Defendant’s remaining challenge concerns the order of restitution imposed by the court as part of his sentence. Until 1983, a court could order restitution only as a condition of probation. See 18 U.S.C. § 3651 (repealed). By means of the Victim and Witness Protection Act of 1982 (VWPA), 18 U.S.C. §§ 3663-64, which took effect January 1, 1983, Congress broadened the law “by authorizing an order of restitution independent of a condition of probation, thereby permitting its use in conjunction with imprisonment, fine, suspended sentence, or other sentence imposed by the court.” S.Rep. No. 532, 97th Cong., 2d Sess. 32 (1982), reprinted in 1982 U.S.Code Cong. & Admin.News 2515, 2538. The district court here not only imposed a prison term and fine, but also ordered defendant under the VWPA to make restitution to the city of Brockton in the amount of $38,707. Defendant now argues that reliance on the VWPA was improper. He points out that all but one of the predicate acts set forth in the RICO counts (including all of the bribery allegations) preceded the statute’s effective date. And he asserts that the one exception — the final predicate involving obstruction of justice — caused no monetary loss. Applying the VWPA under these circumstances, he claims, violates both the Ex Post Facto clause and the statute itself. Assuming they are properly before us, 2 we find these arguments unpersuasive.

We first observe that both of defendant’s RICO offenses continued well past January 1, 1983. 3 His substantive racketeering activity, as manifested by the predicate acts, continued until at least 1986. See, e.g., United States v. Moscony, 927 F.2d 742, 755 (3d Cir.) (predicate acts of obstruction of justice, “being designed to cover up the illegal affairs of the enterprise, were part and parcel of [the] racketeering activity”), cert. denied, — U.S. -, 111 S.Ct. 2812, 115 L.Ed.2d 984 (1991). And his conspiracy to engage in racketeering activity lasted at least through the date of the indictment.

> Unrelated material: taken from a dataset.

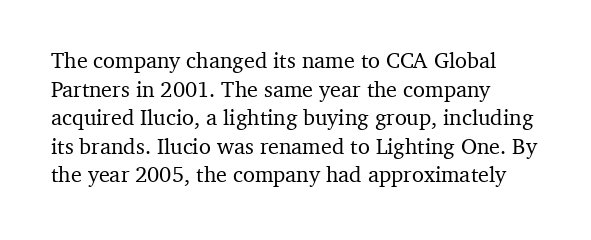
A normal amount of white space separates one row of letters from the next. Unmarked baselines from the first word to the last. These lines were composed using upright roman letters. Compared with typical body copy, the letter spacing here is the same. Line beginnings align vertically; line endings do not.
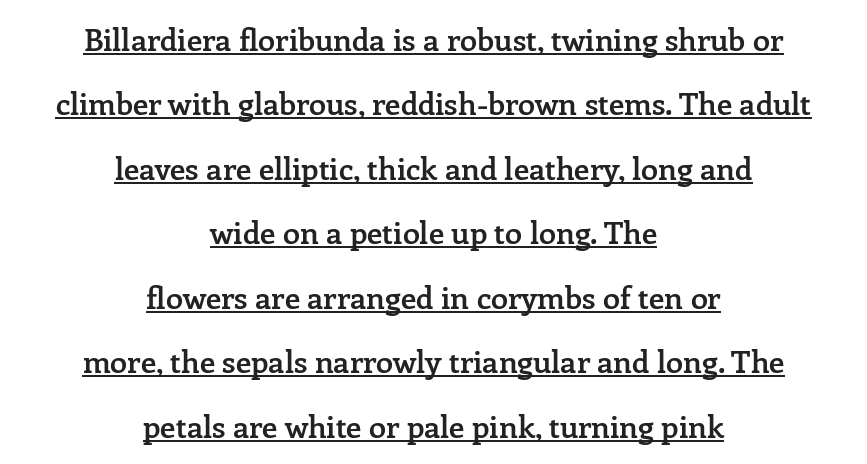
The image shows 31 px semibold serif type, upright; set centered, loose line spacing (2.08x), normal letter spacing, underlined; low stroke contrast and a medium x-height.

See, e.g., United States v. Torres Lopez, 851 F.2d 520, 525 (1st Cir.1988) (“a RICO conspiracy ... continues as long as its purposes have neither been abandoned nor accomplished”), cer t. denied, 489 U.S. 1021, 109 S.Ct. 1144, 103 L.Ed.2d 204 (1989). Both crimes therefore involved “continuing offenses,” see Moscony, 927 F.2d at 754 (substantive RICO “is a continuing offense *5 directly analogous to the crime of conspiracy”) (quotation omitted), which commenced prior to, but persisted beyond, the VWPA’s effective date.

The manner in which the VWPA is to be applied to ongoing offenses that straddle its effective date has occasioned a split among the circuits. Three circuits have held that restitution cannot be imposed for losses occurring before January 1, 1983. See United States v. Corn, 836 F.2d 889, 895-96 (5th Cir.1988) (restitution only for losses resulting from acts committed on or after that date); United States v. Oldaker, 823 F.2d 778, 781-82 (4th Cir.1987) (restitution only for losses suffered on or after that date); United States v. Martin, 788 F.2d 184, 187-89 (3d Cir.1986) (same). Four others have ruled that restitution is appropriate for all losses resulting from a continuing offense, even those suffered prior to January 1, 1983. See United States v. Bortnovsky, 879 F.2d 30, 42-43 (2d Cir.1989); United States v. Angelica, 859 F.2d 1390, 1392-93 (9th Cir.1988); United States v. Purther, 823 F.2d 965, 967-68 (6th Cir.1987); United States v. Barnette, 800 F.2d 1558, 1570-71 (11th Cir.1986), cert. denied, 480 U.S. 935, 107 S.Ct. 1578, 94 L.Ed.2d 769 (1987). 4 We align ourselves here with the latter group.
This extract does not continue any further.